EXERCISE DETAILS:
Return all the entries exactly. No pictures.

***** DATA EXTRACT

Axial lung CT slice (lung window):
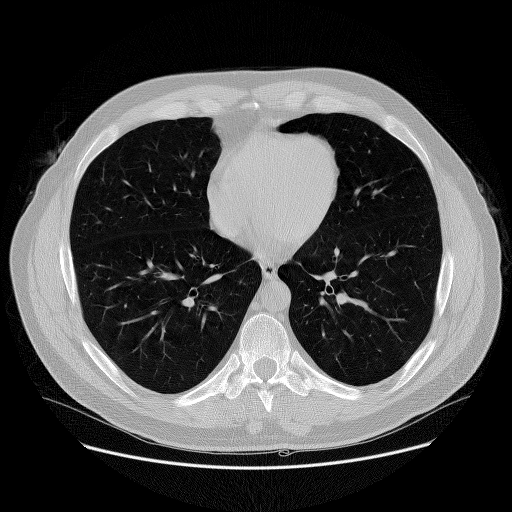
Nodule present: no
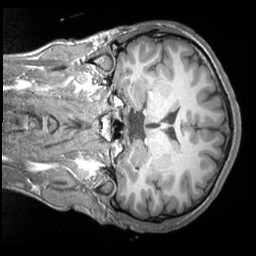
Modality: T1w
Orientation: coronal
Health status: healthy
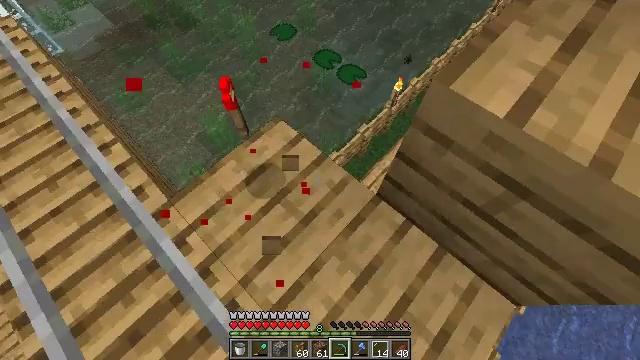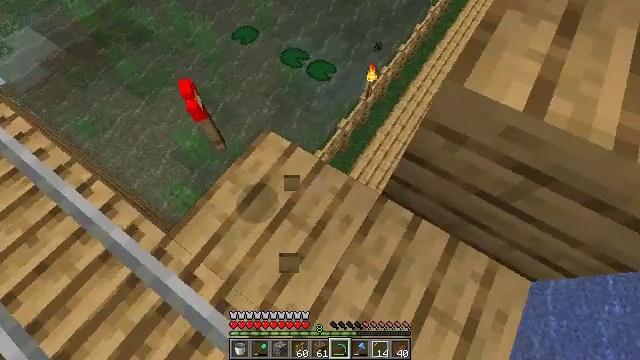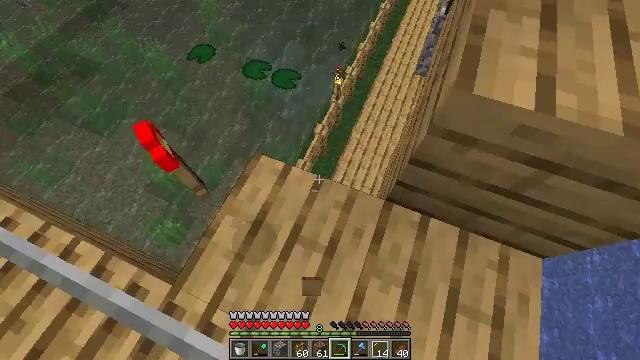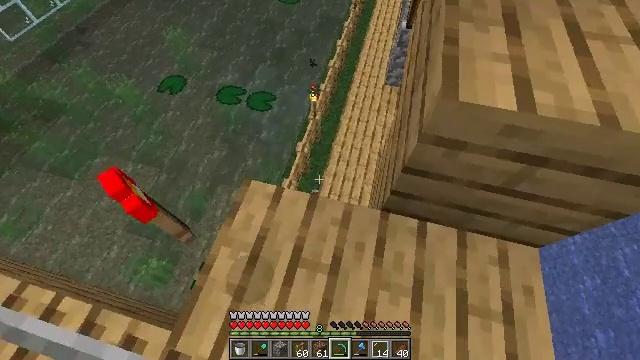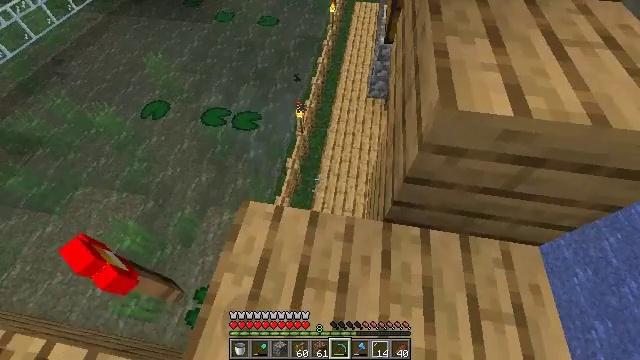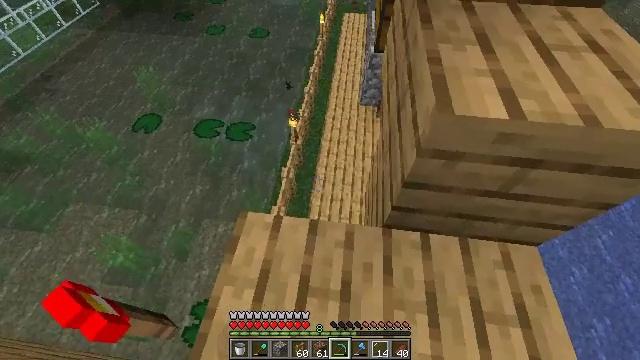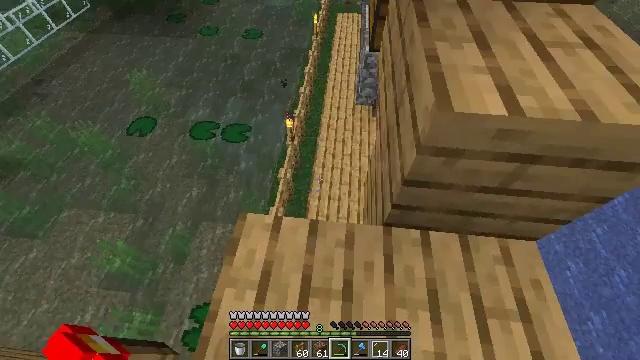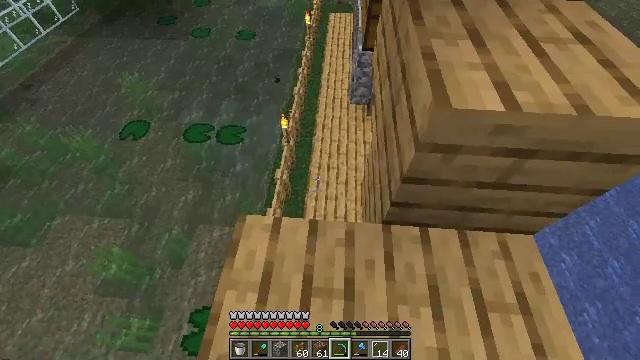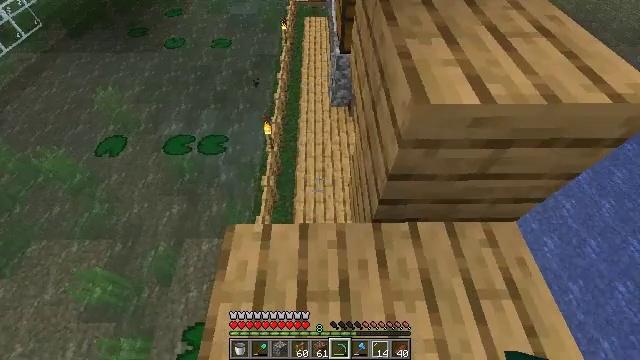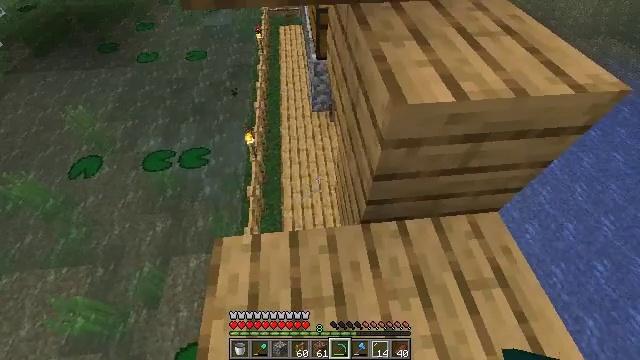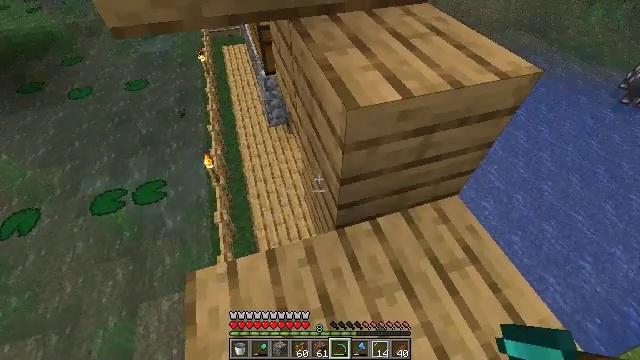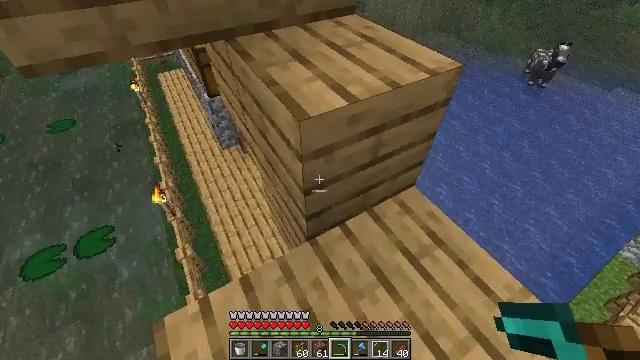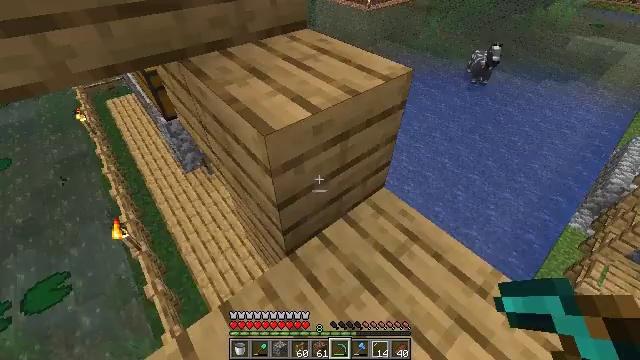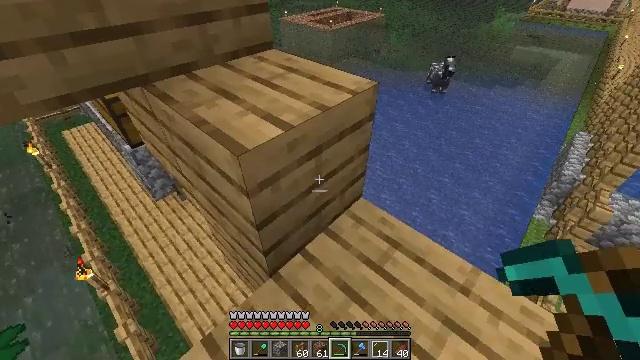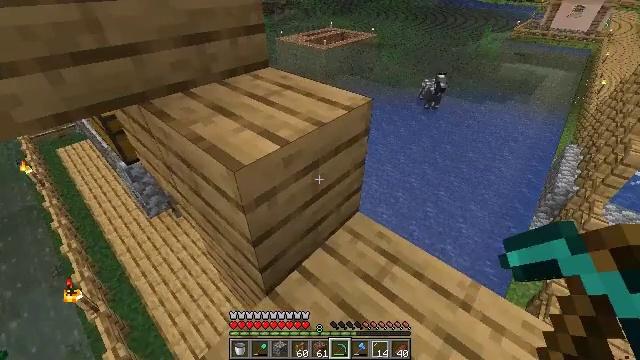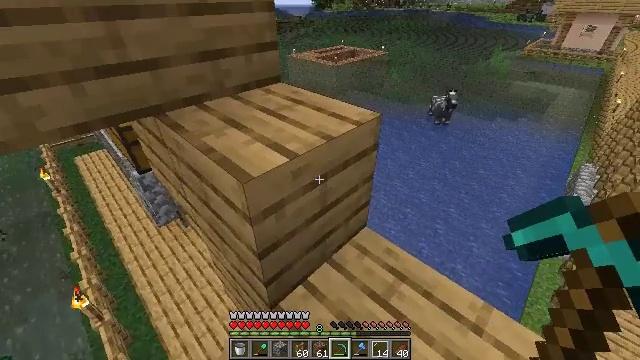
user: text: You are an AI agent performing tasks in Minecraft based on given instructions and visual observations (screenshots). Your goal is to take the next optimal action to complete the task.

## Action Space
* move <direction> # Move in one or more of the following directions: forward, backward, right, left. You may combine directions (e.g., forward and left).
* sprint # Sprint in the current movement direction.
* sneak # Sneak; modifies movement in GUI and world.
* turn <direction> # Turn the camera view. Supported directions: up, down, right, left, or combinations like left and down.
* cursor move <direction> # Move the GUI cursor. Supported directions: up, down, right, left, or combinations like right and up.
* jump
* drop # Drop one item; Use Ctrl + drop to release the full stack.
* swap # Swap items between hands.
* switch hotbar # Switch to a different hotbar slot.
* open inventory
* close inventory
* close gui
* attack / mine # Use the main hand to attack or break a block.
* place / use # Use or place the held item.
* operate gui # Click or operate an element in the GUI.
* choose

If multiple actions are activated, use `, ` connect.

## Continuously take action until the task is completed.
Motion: motion action
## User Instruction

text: Mine the redstone torch to collect it.
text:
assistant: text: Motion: move forward and move left, turn right
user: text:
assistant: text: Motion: turn right
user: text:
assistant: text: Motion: turn right and up
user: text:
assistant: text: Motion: turn right and up
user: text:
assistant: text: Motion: turn right and up
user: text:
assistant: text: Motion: turn right
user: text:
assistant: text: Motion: turn right
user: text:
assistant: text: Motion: turn right
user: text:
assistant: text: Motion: turn right and up
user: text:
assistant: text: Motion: turn right and up
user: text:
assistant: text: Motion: turn right and up
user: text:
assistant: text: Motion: turn right and up
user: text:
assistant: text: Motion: turn right and up
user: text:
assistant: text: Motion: turn right and up
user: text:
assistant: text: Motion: turn left and up
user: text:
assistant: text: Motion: turn left and up
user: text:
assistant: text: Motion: turn left and up
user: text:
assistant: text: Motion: move forward and move right, turn left and up
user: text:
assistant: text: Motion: move forward and move right, turn left and up
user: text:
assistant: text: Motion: move forward and move right, turn left and up
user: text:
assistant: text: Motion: move forward, turn left
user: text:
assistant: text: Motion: no_op
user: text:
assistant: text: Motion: move forward
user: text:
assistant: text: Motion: move forward, jump
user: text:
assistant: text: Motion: move forward, turn left, jump
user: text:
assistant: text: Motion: move forward, turn left, jump
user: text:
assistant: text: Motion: move forward, turn left, jump
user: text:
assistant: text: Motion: move forward, turn left
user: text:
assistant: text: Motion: move forward, turn left
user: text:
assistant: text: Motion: turn left

**********

ANSWER BOX:
Axial lung CT slice (lung window):
Nodule present: no
Modality: T1w
Orientation: coronal
Health status: healthy
user: text: You are an AI agent performing tasks in Minecraft based on given instructions and visual observations (screenshots). Your goal is to take the next optimal action to complete the task.

## Action Space
* move <direction> # Move in one or more of the following directions: forward, backward, right, left. You may combine directions (e.g., forward and left).
* sprint # Sprint in the current movement direction.
* sneak # Sneak; modifies movement in GUI and world.
* turn <direction> # Turn the camera view. Supported directions: up, down, right, left, or combinations like left and down.
* cursor move <direction> # Move the GUI cursor. Supported directions: up, down, right, left, or combinations like right and up.
* jump
* drop # Drop one item; Use Ctrl + drop to release the full stack.
* swap # Swap items between hands.
* switch hotbar # Switch to a different hotbar slot.
* open inventory
* close inventory
* close gui
* attack / mine # Use the main hand to attack or break a block.
* place / use # Use or place the held item.
* operate gui # Click or operate an element in the GUI.
* choose

If multiple actions are activated, use `, ` connect.

## Continuously take action until the task is completed.
Motion: motion action
## User Instruction

text: Mine the redstone torch to collect it.
text:
assistant: text: Motion: move forward and move left, turn right
user: text:
assistant: text: Motion: turn right
user: text:
assistant: text: Motion: turn right and up
user: text:
assistant: text: Motion: turn right and up
user: text:
assistant: text: Motion: turn right and up
user: text:
assistant: text: Motion: turn right
user: text:
assistant: text: Motion: turn right
user: text:
assistant: text: Motion: turn right
user: text:
assistant: text: Motion: turn right and up
user: text:
assistant: text: Motion: turn right and up
user: text:
assistant: text: Motion: turn right and up
user: text:
assistant: text: Motion: turn right and up
user: text:
assistant: text: Motion: turn right and up
user: text:
assistant: text: Motion: turn right and up
user: text:
assistant: text: Motion: turn left and up
user: text:
assistant: text: Motion: turn left and up
user: text:
assistant: text: Motion: turn left and up
user: text:
assistant: text: Motion: move forward and move right, turn left and up
user: text:
assistant: text: Motion: move forward and move right, turn left and up
user: text:
assistant: text: Motion: move forward and move right, turn left and up
user: text:
assistant: text: Motion: move forward, turn left
user: text:
assistant: text: Motion: no_op
user: text:
assistant: text: Motion: move forward
user: text:
assistant: text: Motion: move forward, jump
user: text:
assistant: text: Motion: move forward, turn left, jump
user: text:
assistant: text: Motion: move forward, turn left, jump
user: text:
assistant: text: Motion: move forward, turn left, jump
user: text:
assistant: text: Motion: move forward, turn left
user: text:
assistant: text: Motion: move forward, turn left
user: text:
assistant: text: Motion: turn left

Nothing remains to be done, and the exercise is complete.